**Work task:** Every line below needs to be transcribed without alteration, and no image may be carried over.

BEGIN Record set

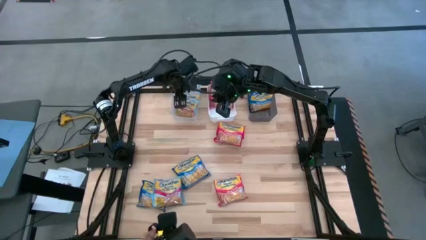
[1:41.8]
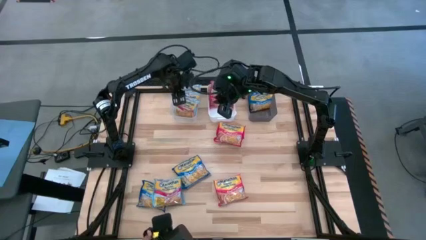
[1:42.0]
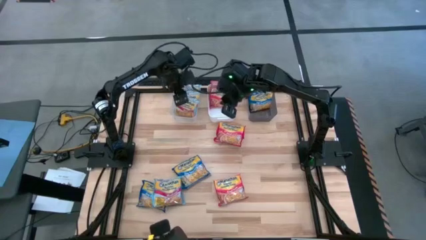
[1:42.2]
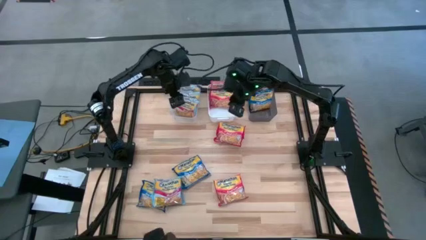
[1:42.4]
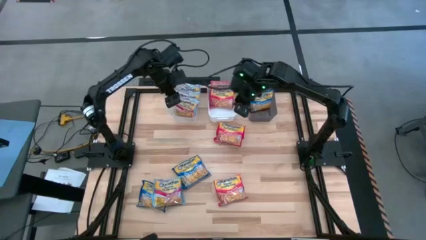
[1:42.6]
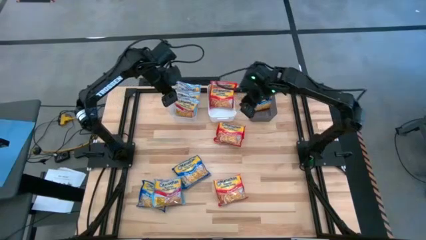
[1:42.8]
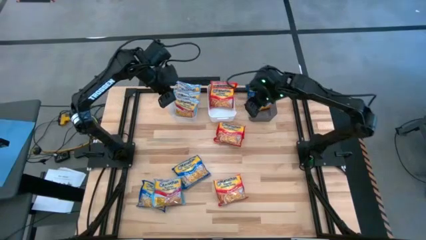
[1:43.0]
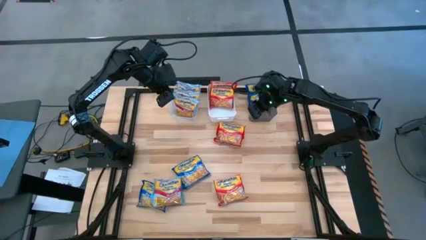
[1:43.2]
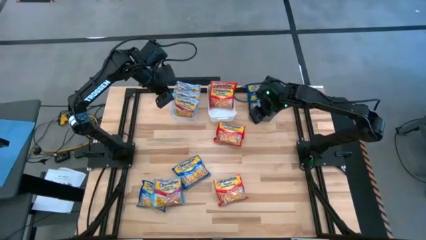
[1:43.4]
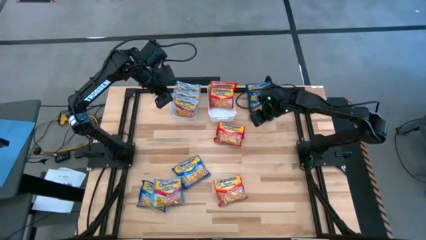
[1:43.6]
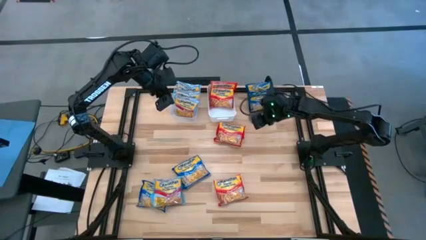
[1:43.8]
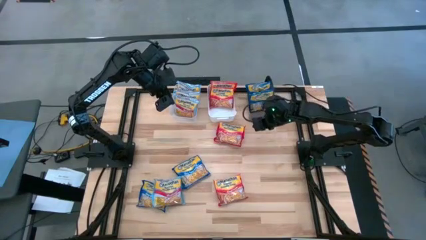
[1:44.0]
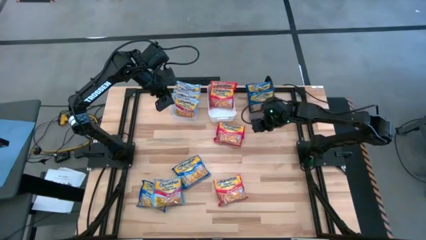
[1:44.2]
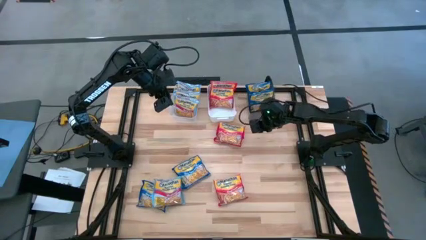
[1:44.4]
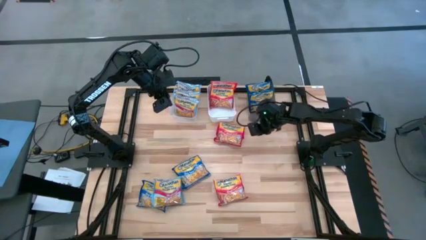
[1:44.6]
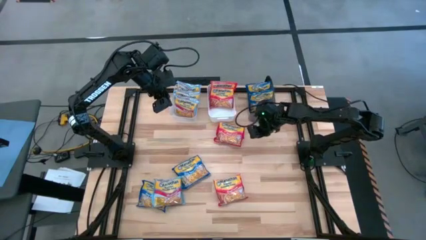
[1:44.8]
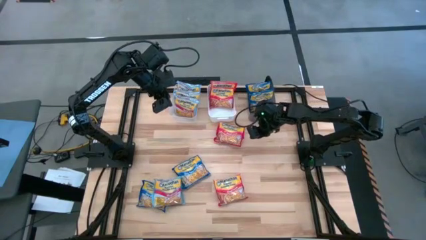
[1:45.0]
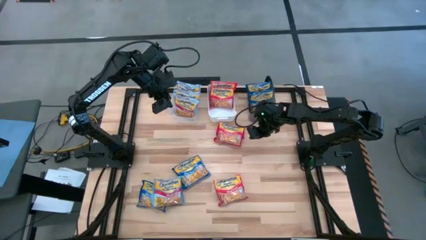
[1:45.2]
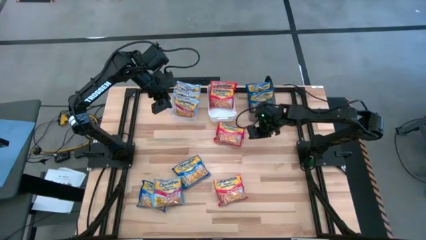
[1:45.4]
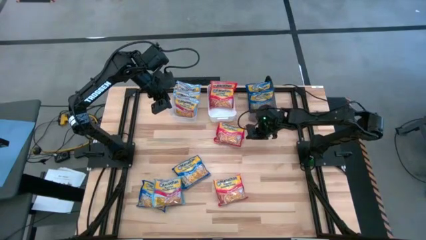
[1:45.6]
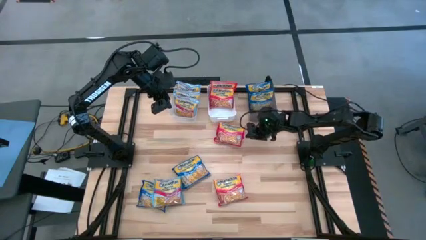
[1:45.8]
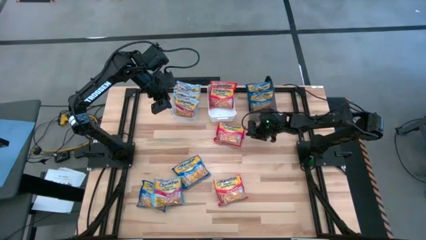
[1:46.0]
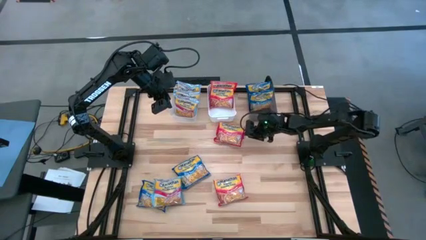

END Record set

**Written solution:**
[1:41.8]
[1:42.0]
[1:42.2]
[1:42.4]
[1:42.6]
[1:42.8]
[1:43.0]
[1:43.2]
[1:43.4]
[1:43.6]
[1:43.8]
[1:44.0]
[1:44.2]
[1:44.4]
[1:44.6]
[1:44.8]
[1:45.0]
[1:45.2]
[1:45.4]
[1:45.6]
[1:45.8]
[1:46.0]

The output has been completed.